Prohibitively cold temperatures in northern China's Heilongjiang province, where the majority of natural flake graphite production is centered, typically prompt extended graphite production stoppages, with producers supplying customers from inventory during the outage period.
If natural graphite producers in Heilongjiang are unable to produce sufficient volumes of material for their stockpiles, given power shortages and elevated electricity costs, we may see natural graphite shortages emerge in the coming months, lending upward support to prices.
The manufacturing process for synthetic graphite is highly power-intensive, with the Chinese power issues also potentially affecting both synthetic graphite production and costs in the coming months.
Synthetic graphite is produced from calcined petroleum coke, needle coke or coal tar pitch, with the process requiring incredibly high temperatures and demanding energy consumption of more than 12,000kWh per tonne.

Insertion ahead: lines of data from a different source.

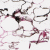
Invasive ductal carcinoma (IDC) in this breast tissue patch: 0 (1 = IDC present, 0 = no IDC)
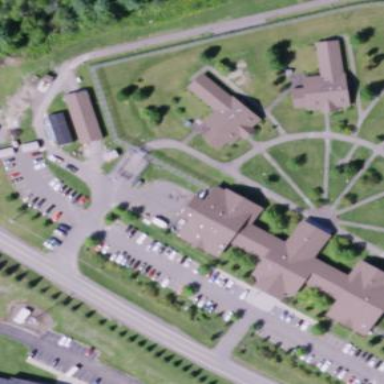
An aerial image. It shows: Prison building.
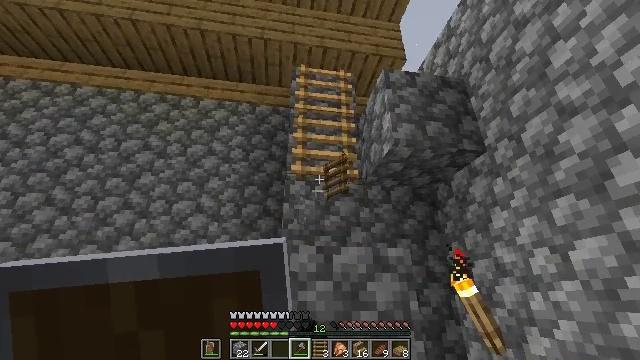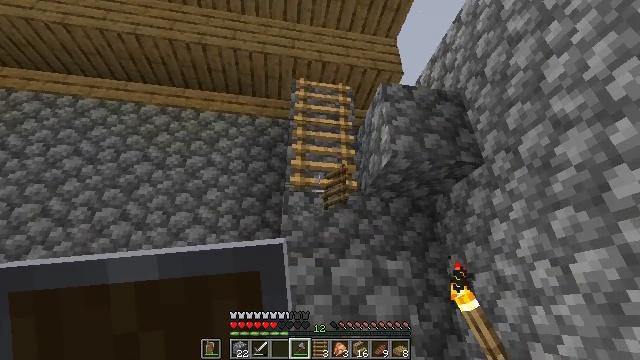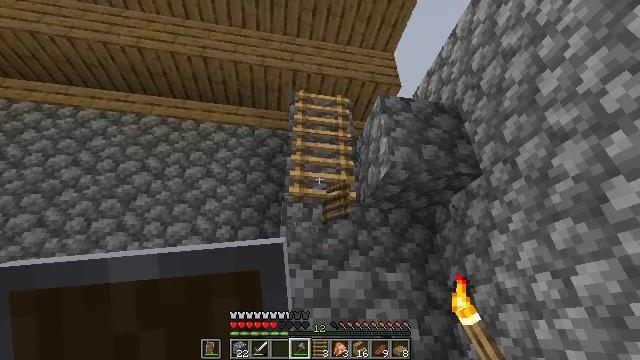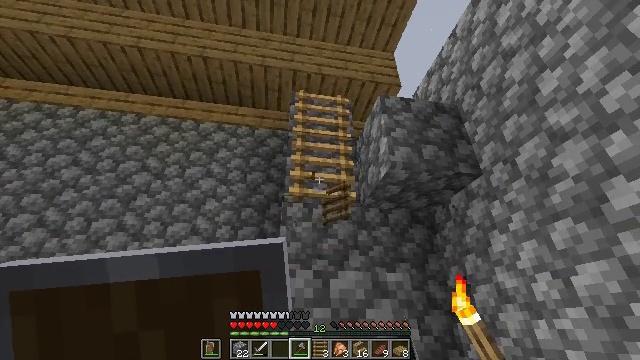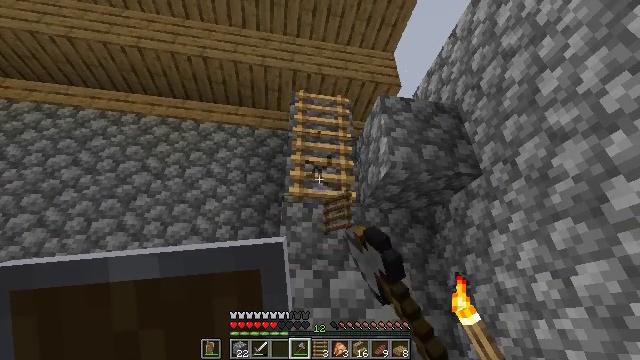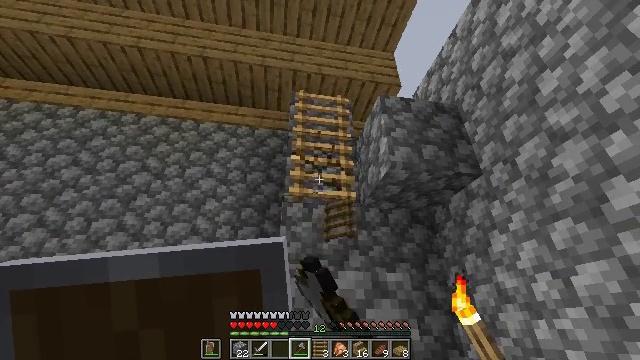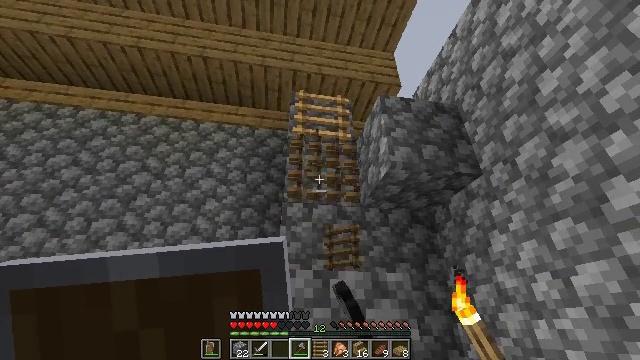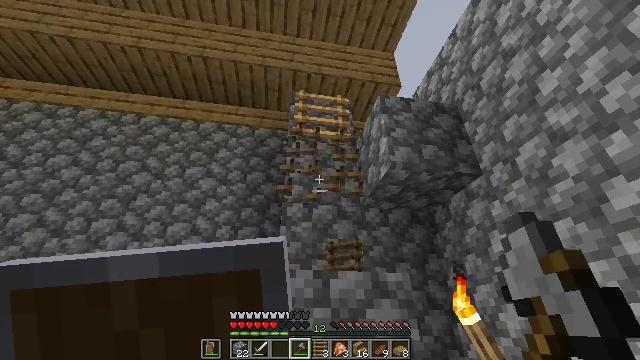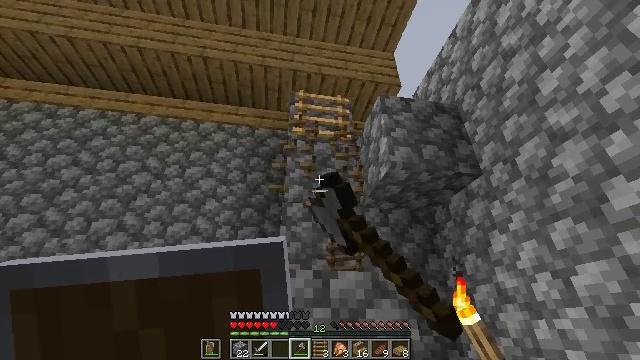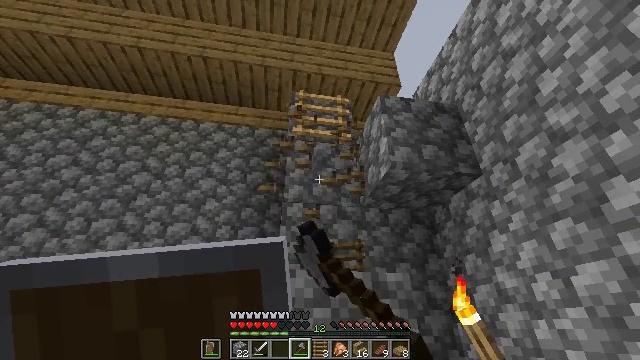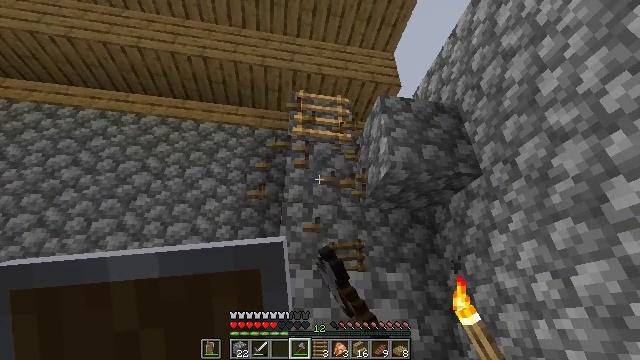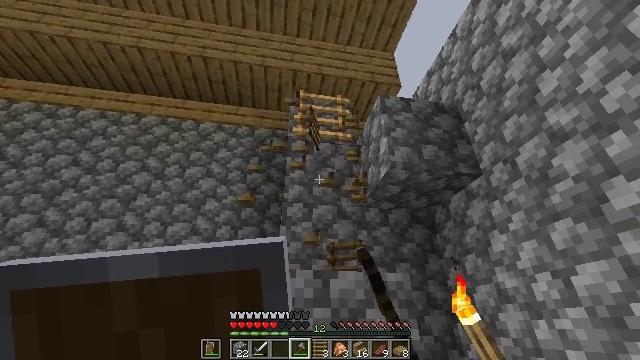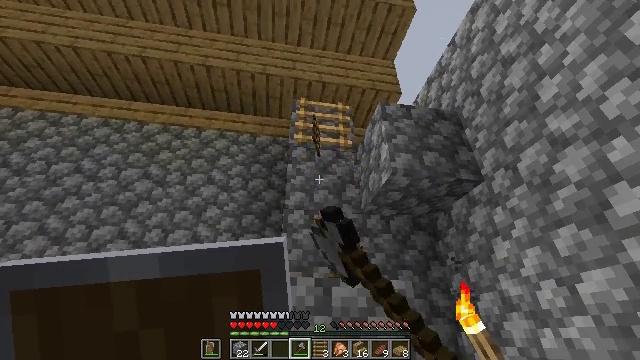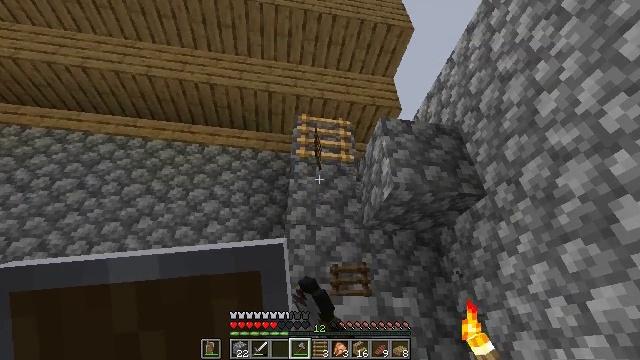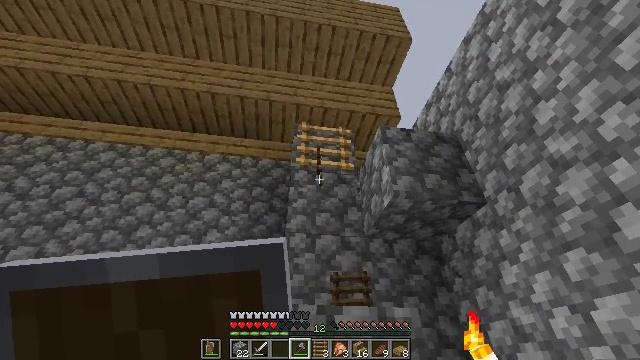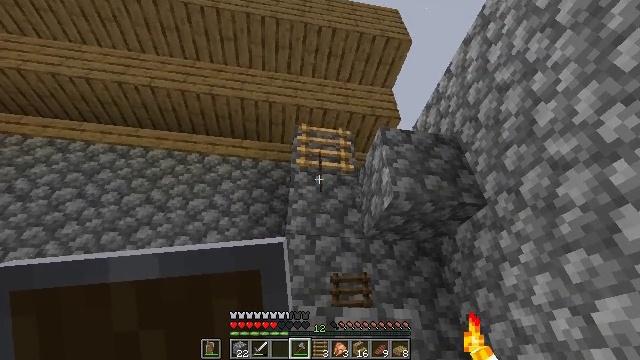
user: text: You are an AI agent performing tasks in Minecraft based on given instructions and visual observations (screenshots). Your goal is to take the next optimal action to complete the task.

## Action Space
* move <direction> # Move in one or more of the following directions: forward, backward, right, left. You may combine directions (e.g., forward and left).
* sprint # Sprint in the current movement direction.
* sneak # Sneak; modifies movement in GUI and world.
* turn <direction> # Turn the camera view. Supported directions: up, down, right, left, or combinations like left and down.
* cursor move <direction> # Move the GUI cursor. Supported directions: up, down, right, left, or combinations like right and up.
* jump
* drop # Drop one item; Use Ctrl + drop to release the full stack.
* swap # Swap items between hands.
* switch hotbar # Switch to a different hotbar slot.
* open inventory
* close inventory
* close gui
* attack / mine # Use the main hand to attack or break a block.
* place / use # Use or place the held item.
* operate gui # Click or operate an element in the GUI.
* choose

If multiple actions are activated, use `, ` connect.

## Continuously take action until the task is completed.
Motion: motion action
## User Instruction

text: Disassemble the ladder.
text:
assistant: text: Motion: turn up
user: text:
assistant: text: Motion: turn up
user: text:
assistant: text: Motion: attack / mine
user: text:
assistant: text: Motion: attack / mine
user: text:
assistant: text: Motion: attack / mine
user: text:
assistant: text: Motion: attack / mine
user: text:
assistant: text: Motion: attack / mine
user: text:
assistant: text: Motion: attack / mine
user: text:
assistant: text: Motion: attack / mine
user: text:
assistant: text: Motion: attack / mine
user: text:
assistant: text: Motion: attack / mine
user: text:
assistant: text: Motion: turn up
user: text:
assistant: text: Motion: turn up
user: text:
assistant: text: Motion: turn up
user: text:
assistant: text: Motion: no_op
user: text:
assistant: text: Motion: no_op
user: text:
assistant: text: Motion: no_op
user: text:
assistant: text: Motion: no_op
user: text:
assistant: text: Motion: no_op
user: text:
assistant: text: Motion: attack / mine
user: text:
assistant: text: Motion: attack / mine
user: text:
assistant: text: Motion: attack / mine
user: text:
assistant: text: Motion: attack / mine
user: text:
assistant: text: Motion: attack / mine
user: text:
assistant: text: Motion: no_op
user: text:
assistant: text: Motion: turn up
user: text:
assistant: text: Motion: turn up
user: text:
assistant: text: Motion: turn up
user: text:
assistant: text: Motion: no_op
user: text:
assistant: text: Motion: attack / mine
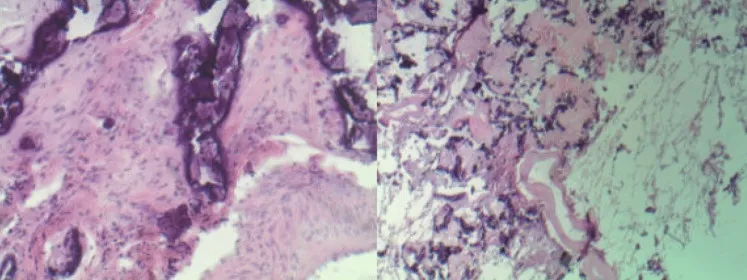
Lung wedge biopsy of the left upper lobe was performed. Sectioning reveals a 5.5 x 2.7 x 1.5 cm calcified gray-white, rubbery mass/nodule, lesion. Microscopic examination of the lesion reviewed extensive calcification and fibrosis as shown in slide one (stained with H&E, at 40 x magnification) and slide 2 (stained with H&E, at 200 x magnification). The calcified lesion represents calcified pulmonary metastases of chondrosarcoma.
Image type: pathology (h&e)

A large share of China's synthetic graphite capacity is located in Inner Mongolia, where numerous power-intensive industries are based, due to traditionally competitive power costs and ample availability. But power supplies and costs are being negatively affected in this region as well.
With Chinese electric-vehicle battery producers typically consuming a blend of natural flake and synthetic graphite in anode production, we would expect to see consumers shifting to the more readily available product or competitively-priced product.
But with supplies of both natural flake and synthetic graphite poised for reduced production at higher costs, we expect tightness across the graphite sector to lead to higher prices during the October-December quarter of 2021.